▼▼▼
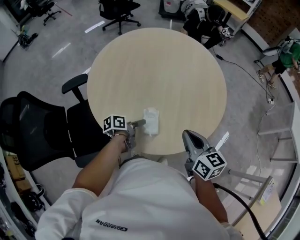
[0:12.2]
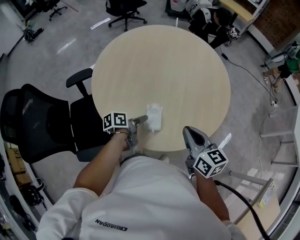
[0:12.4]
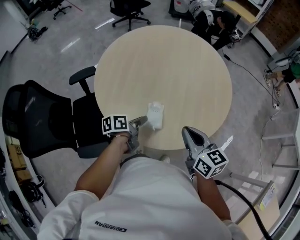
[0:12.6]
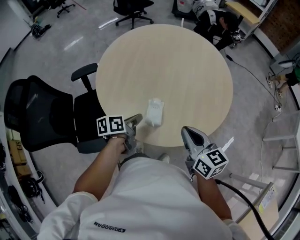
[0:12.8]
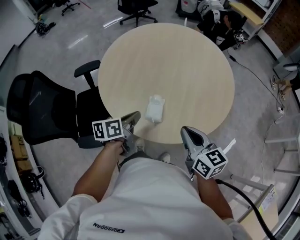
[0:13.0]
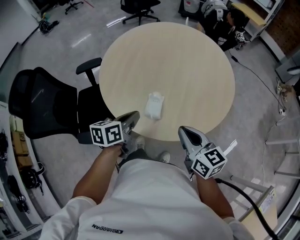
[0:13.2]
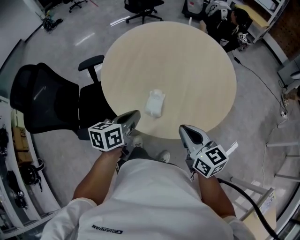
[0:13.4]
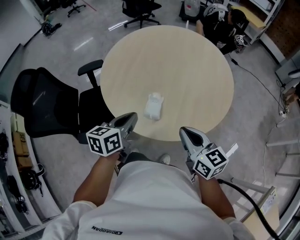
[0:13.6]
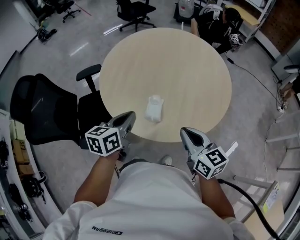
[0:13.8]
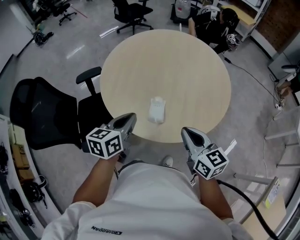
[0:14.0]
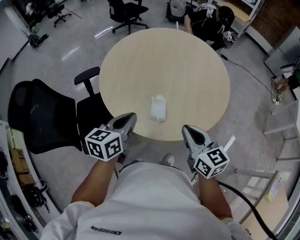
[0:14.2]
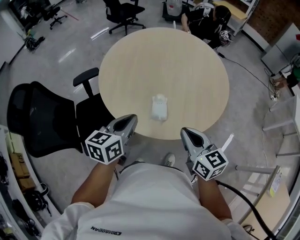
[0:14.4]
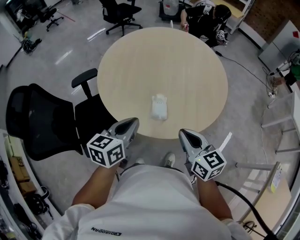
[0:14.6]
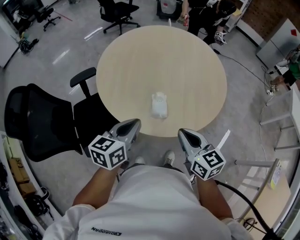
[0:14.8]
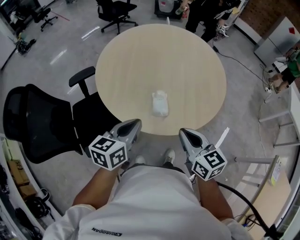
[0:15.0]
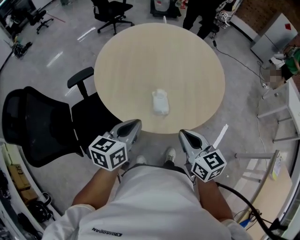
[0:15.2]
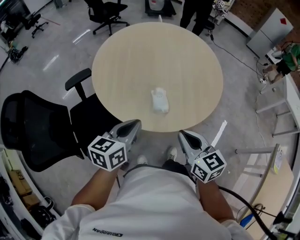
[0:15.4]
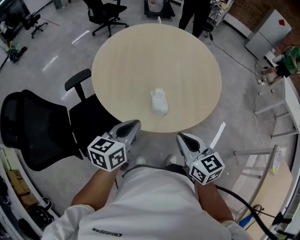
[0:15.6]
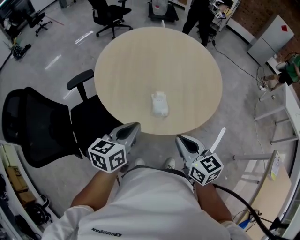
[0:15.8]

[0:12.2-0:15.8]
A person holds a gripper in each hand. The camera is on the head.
0:12.2 to 0:14.0: The left gripper is displaced upward and backward by about 20 cm, twists about 40 degrees clockwise, seen from behind, and closes its fingers, while the right gripper travels backward by roughly 5 cm.
0:14.0 to 0:15.8: The right gripper travels backward and to the left by some 10 cm; the left gripper heads backward, covering about 5 cm.
▲▲▲
What is expected: All of the entries above should be duplicated exactly, except for the pictures.

Result for this exercise:
[0:12.2]
[0:12.4]
[0:12.6]
[0:12.8]
[0:13.0]
[0:13.2]
[0:13.4]
[0:13.6]
[0:13.8]
[0:14.0]
[0:14.2]
[0:14.4]
[0:14.6]
[0:14.8]
[0:15.0]
[0:15.2]
[0:15.4]
[0:15.6]
[0:15.8]

[0:12.2-0:15.8]
A person holds a gripper in each hand. The camera is on the head.
0:12.2 to 0:14.0: The left gripper is displaced upward and backward by about 20 cm, twists about 40 degrees clockwise, seen from behind, and closes its fingers, while the right gripper travels backward by roughly 5 cm.
0:14.0 to 0:15.8: The right gripper travels backward and to the left by some 10 cm; the left gripper heads backward, covering about 5 cm.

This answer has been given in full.